Pumpkinheads is one long shaggy dog story, conveniently broken down into seventeen chapters. Rainbow Rowell begins with a mission that becomes a quest that eventually takes in almost all the delights of Pumpkin Patch as per the inside front cover map. Deja decides it’s time Josiah finally talks to the Fudge Girl, and the pair travel between the assorted attractions almost following a ghost, as staff are transferred at short notice from lesser populated places to those needing more help. The assorted locations become imaginative backgrounds for what Rowell gradually reveals to be a different form of bonding than she’s led us to believe.

Anything by Faith Erin Hicks is going to be a visual delight, and a measure of how good she is can be determined by the bulk of Pumpkinheads being a single continuing conversation. It requires astute visual characterisation, and Hicks supplies it, but varying the viewpoints and distances to ensure the pages never look dull. Colourist Sarah Stern reflects the location by using deep earth tones and between them the charm of the setting is supplied.
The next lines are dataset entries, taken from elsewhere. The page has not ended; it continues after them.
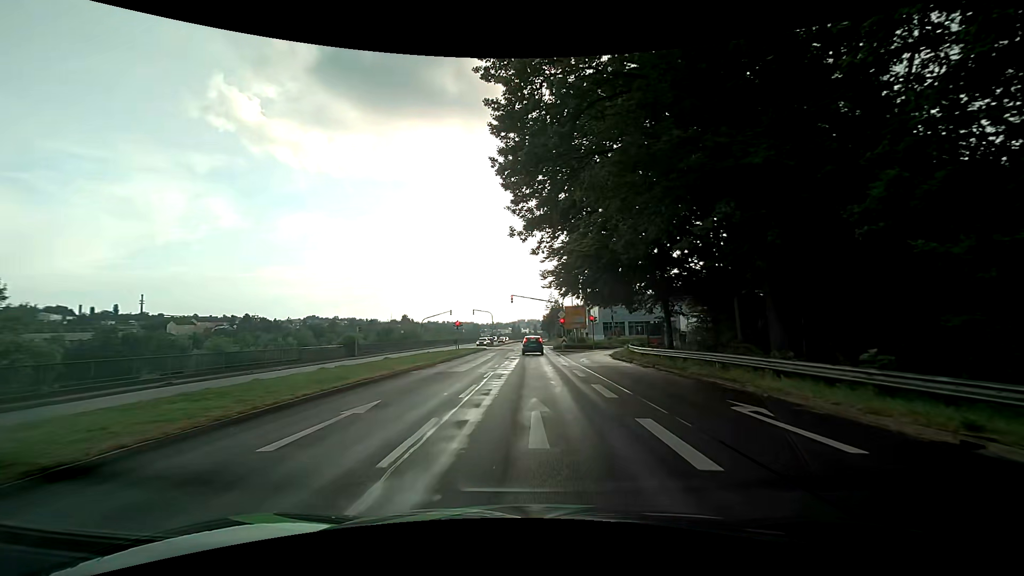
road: primary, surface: asphalt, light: Day
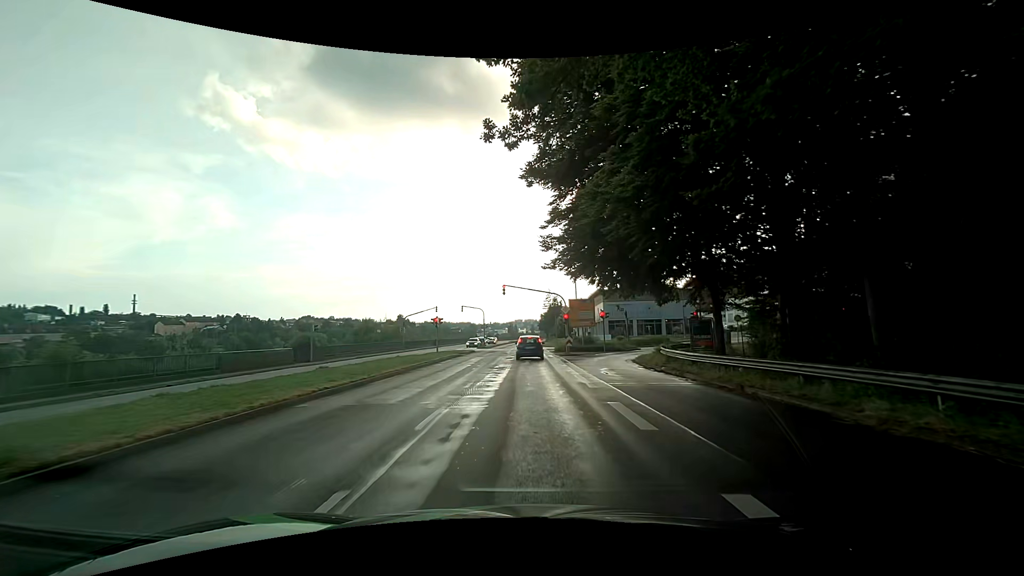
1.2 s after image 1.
(0.0, +9.7) m; 0°
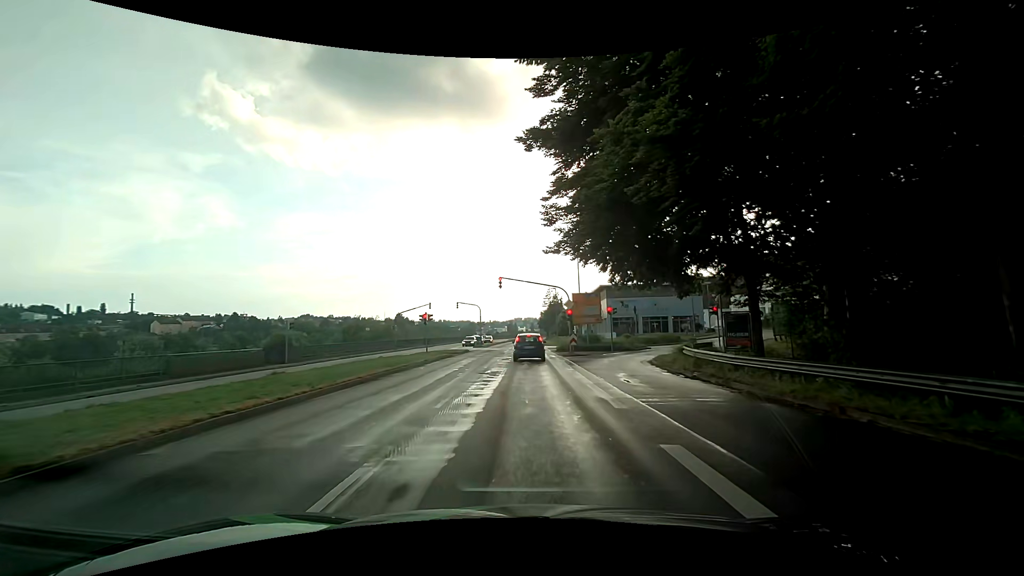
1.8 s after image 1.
(0.0, +4.2) m; 0°
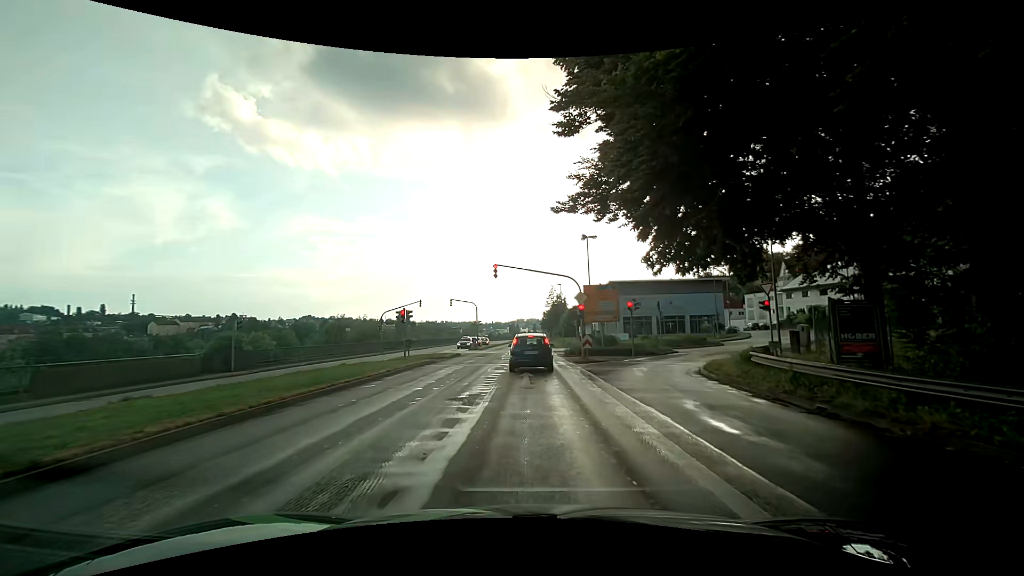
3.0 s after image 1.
(0.0, +7.0) m; -1°
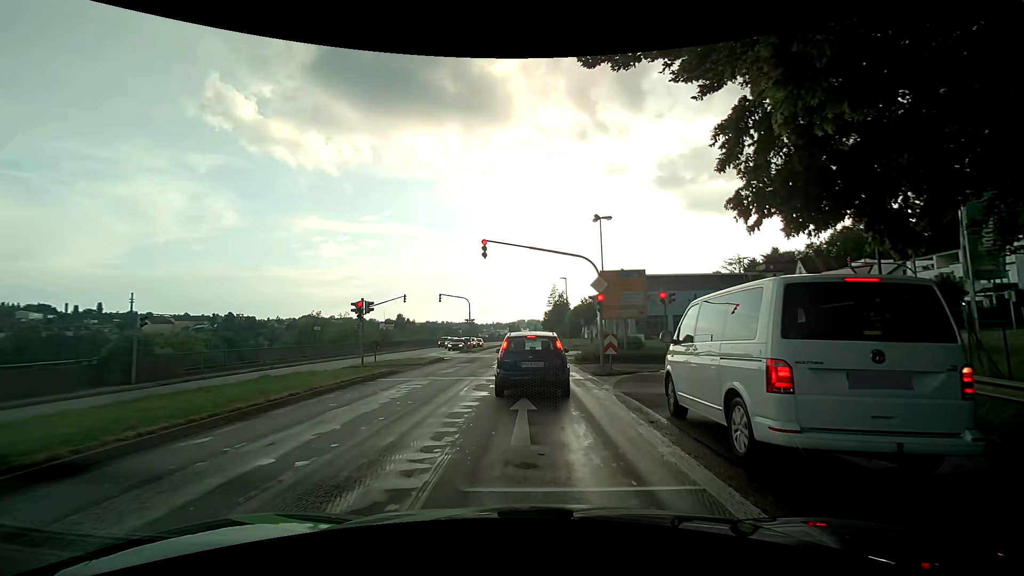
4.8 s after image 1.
(+0.1, +7.6) m; +1°
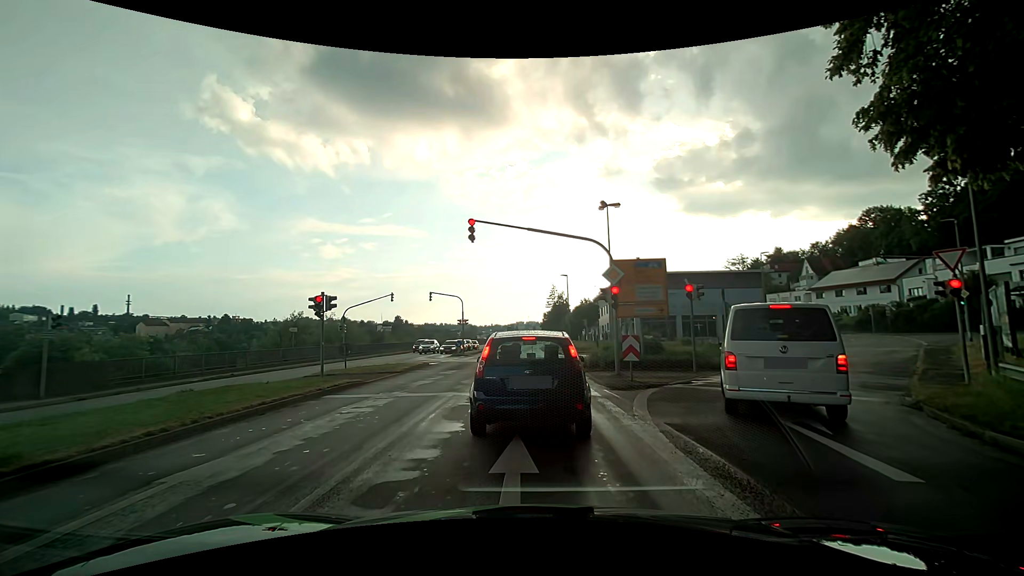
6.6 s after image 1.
(0.0, +4.0) m; -1°
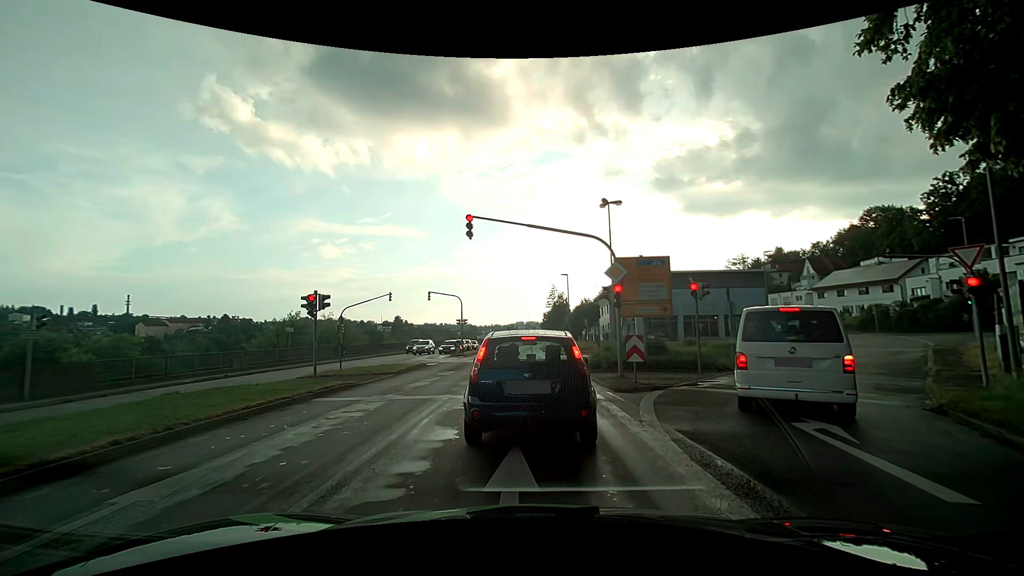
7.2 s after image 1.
(0.0, +0.6) m; 0°
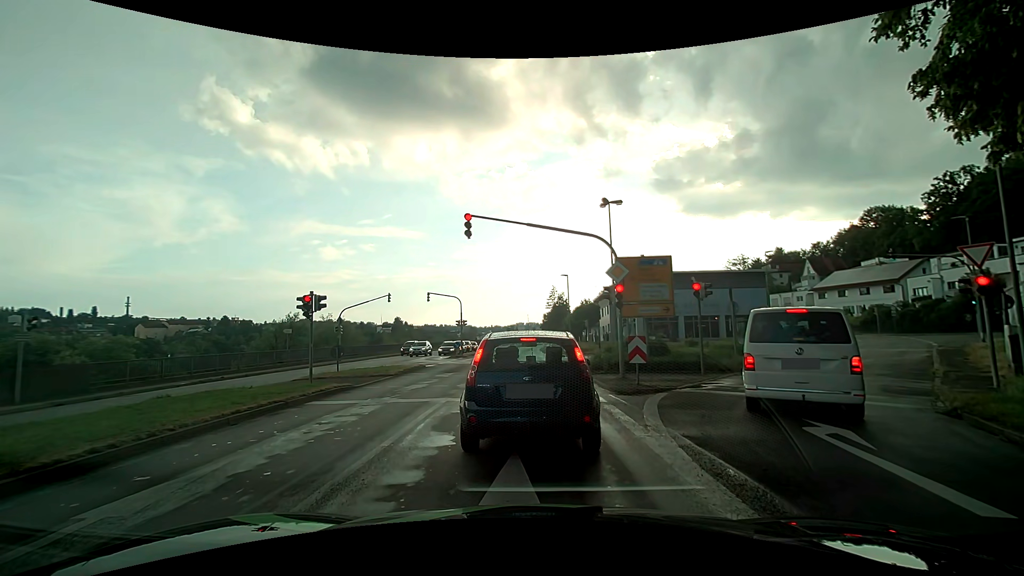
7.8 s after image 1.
(0.0, +0.3) m; 0°
(0, +10) (0, +20) (0, +30) (0, +40) (0, +50) (0, +60) (0, +70) (+1, +80) (+1, +90) (+1, +100) m

The educational moral of Pumpkinheads may not be apparent to the young adult readership until Rowell highlights it toward the end, but it’s worked for maximum impact because the effort has been put in setting it up. It’s counterpointed by a nice visual joke ending two other plot threads.

The two lead characters are thoroughly likeable, there’s absolutely no cynicism about the location, and the art is exactly right. A joy from first page to last.